The price of insider trading in Victoria.
Article originally published OCTOBER 25, 2005 –Reviewed and approved.
By Neil Jenman
Simon Lukauskas is a Melbourne estate agent. Sorry, make that “was” an estate agent.
Yesterday (October 25), the Victorian Civil and Administrative Tribunal (VCAT), found that Simon had committed eight breaches of the Estate Agents Act. He was fined and lost his real estate license.
But, according to Simon, it was all an “unintentional mistake”.
Here’s what happened.
A 91-year-old lady decided to sell her home. Simon was appointed as her estate agent.
Simon described himself as an award-winning salesperson with “levels of professionalism, integrity, honesty, commitment and passion that no other agent can match.”
Just the sort of agent that elderly folk need.
Simon told the lady’s granddaughter that “a naïve young couple” wanted to buy her grandma’s property for $160,000. All was agreed and the property was sold.

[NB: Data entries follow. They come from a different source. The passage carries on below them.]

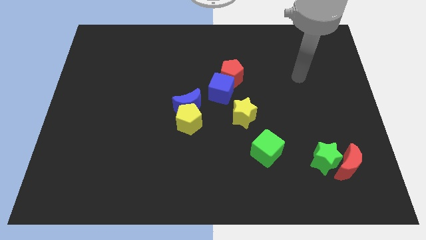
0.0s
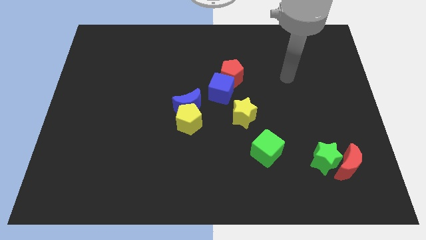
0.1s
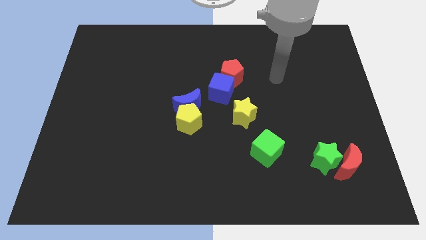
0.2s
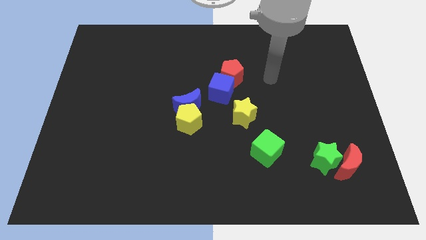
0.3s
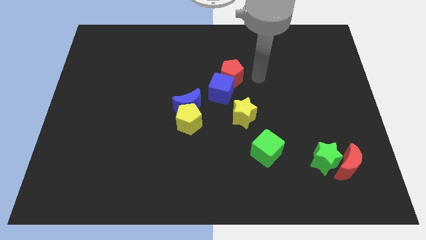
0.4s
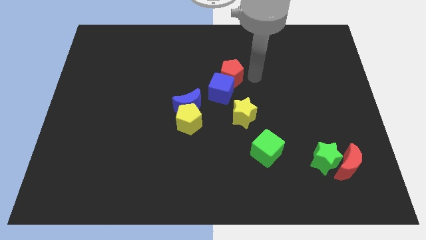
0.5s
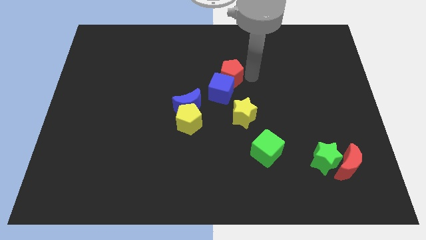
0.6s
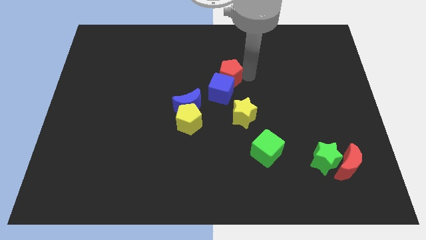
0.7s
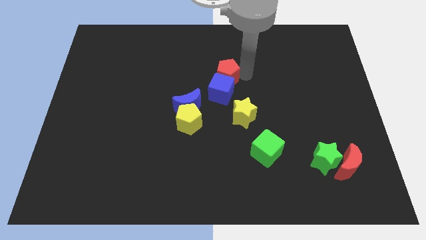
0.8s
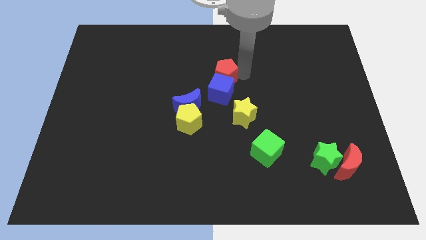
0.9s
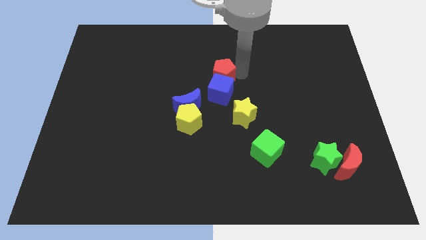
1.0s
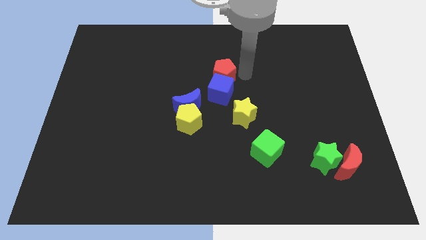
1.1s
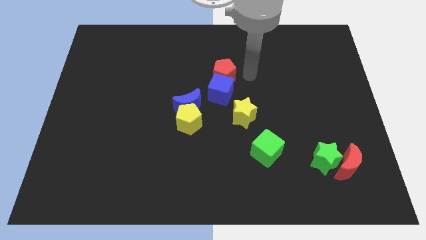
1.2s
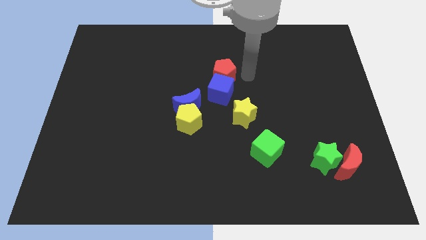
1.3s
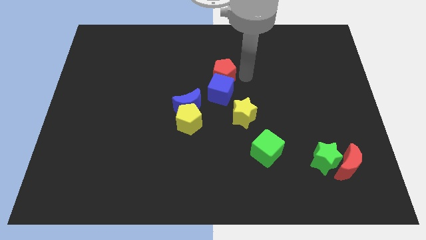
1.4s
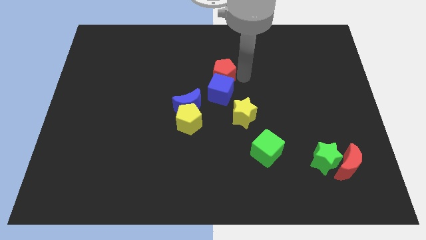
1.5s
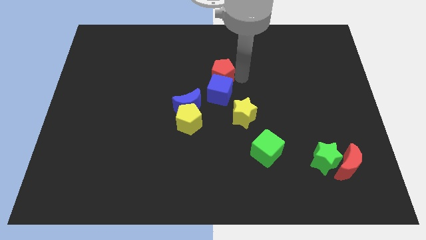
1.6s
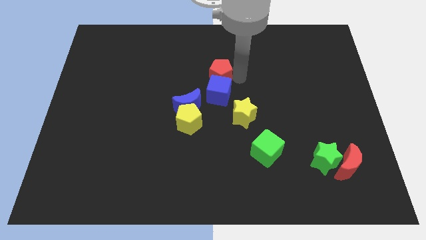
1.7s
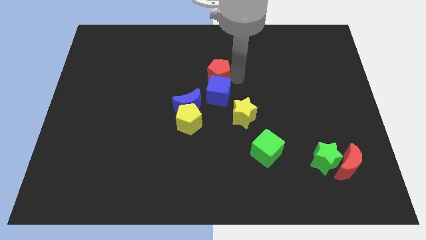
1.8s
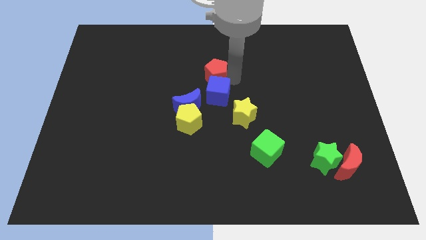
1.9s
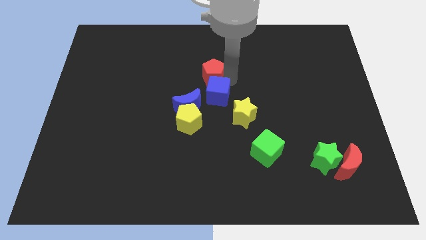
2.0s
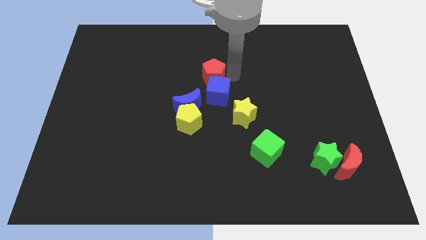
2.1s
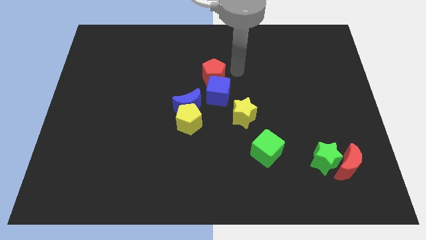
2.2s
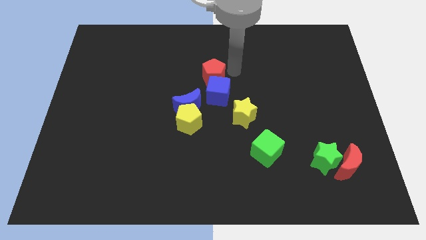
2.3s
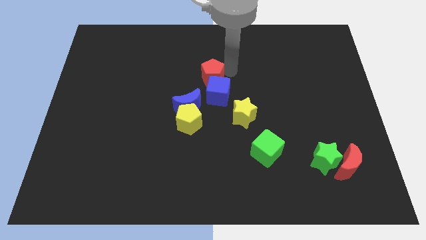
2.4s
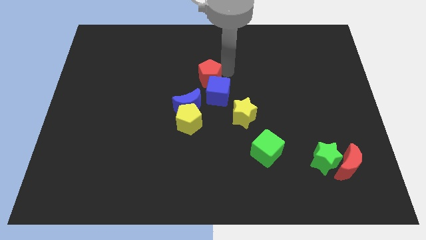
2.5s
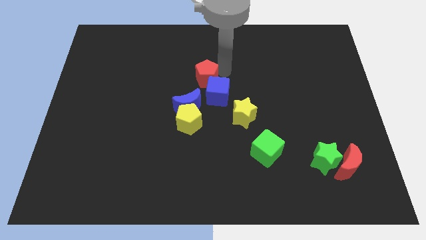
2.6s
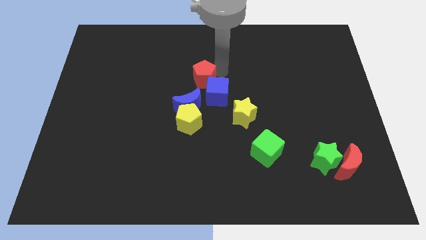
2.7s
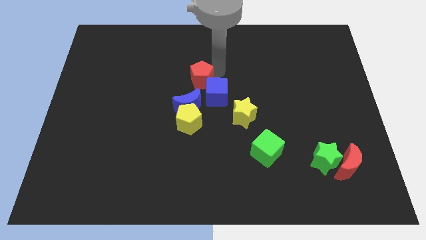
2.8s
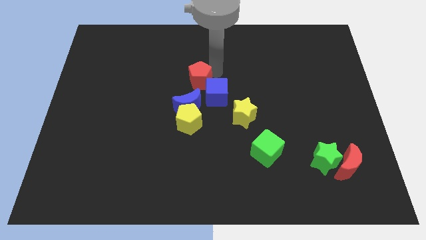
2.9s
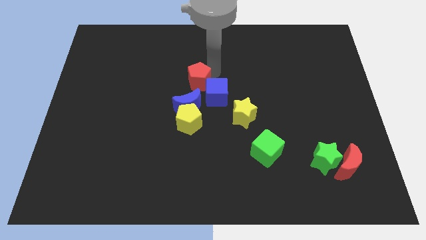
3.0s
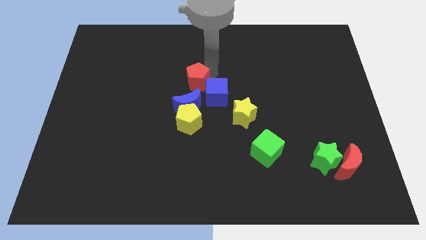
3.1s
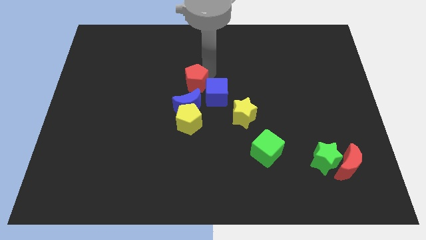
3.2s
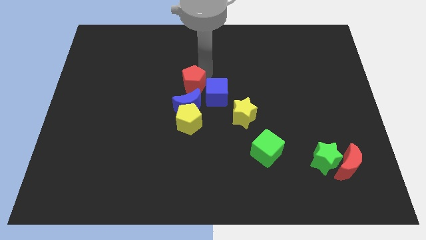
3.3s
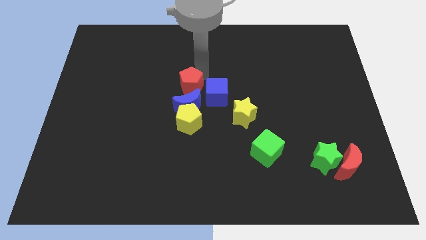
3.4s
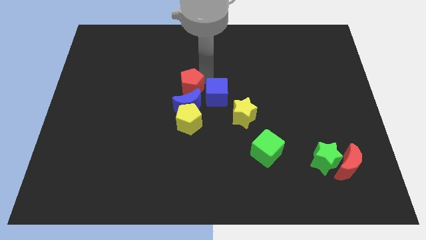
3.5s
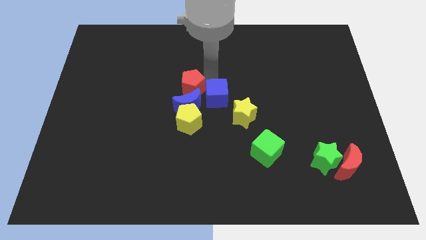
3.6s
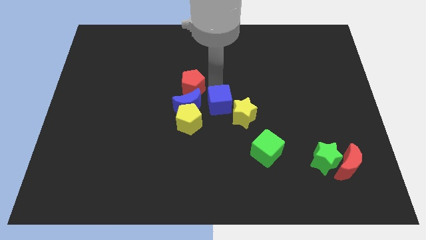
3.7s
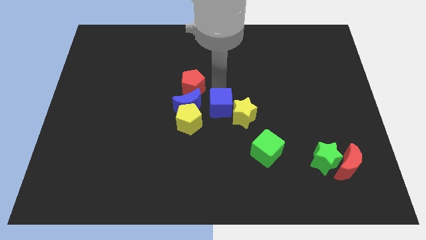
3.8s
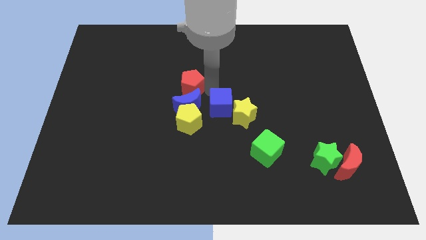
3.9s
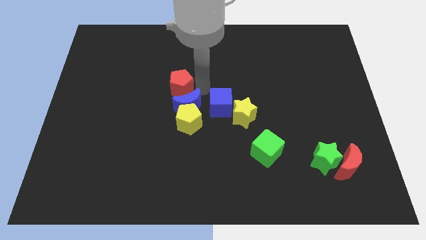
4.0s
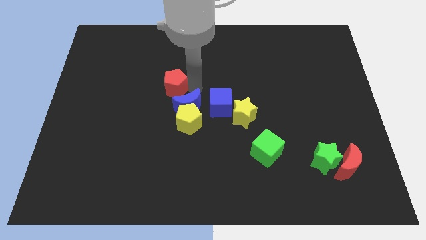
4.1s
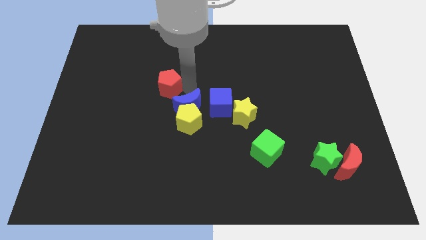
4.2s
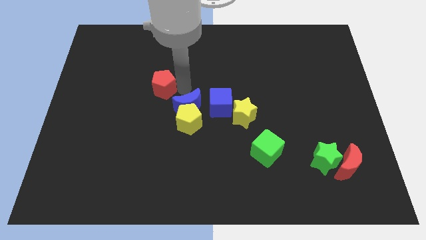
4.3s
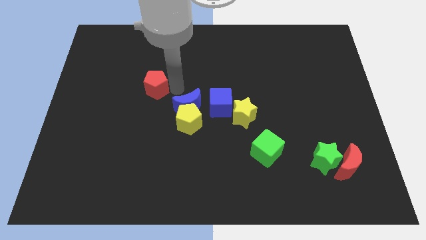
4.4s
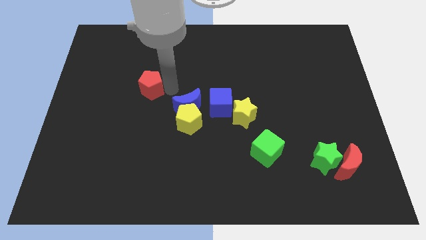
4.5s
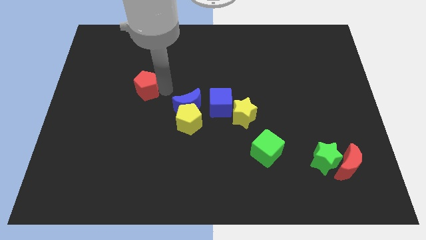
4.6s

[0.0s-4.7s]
slide the red pentagon left

It turned out, however, that the home was worth closer to $200,000 and that the buyer was Simon’s flat mate – who later became his lover. Perhaps the sale ignited a romance.
Simon’s employers, Hocking Stuart, were not as starry-eyed as the nouveau-riche flat mate. They fired him and reported him to Consumer Affairs Victoria.
And that’s how Simon ended up at the Tribunal yesterday, his career in tatters. But it was all a mistake, according to Simon.
In Victoria there are strict laws about agents and their family members buying homes from their clients. Consumer Affairs Victoria are known to pounce on insider traders.
But Simon Lukauskas didn’t think the law applied to flat mates. Such a simple mistake but such a glaring example of how some agents focus on the legal law while ignoring moral laws.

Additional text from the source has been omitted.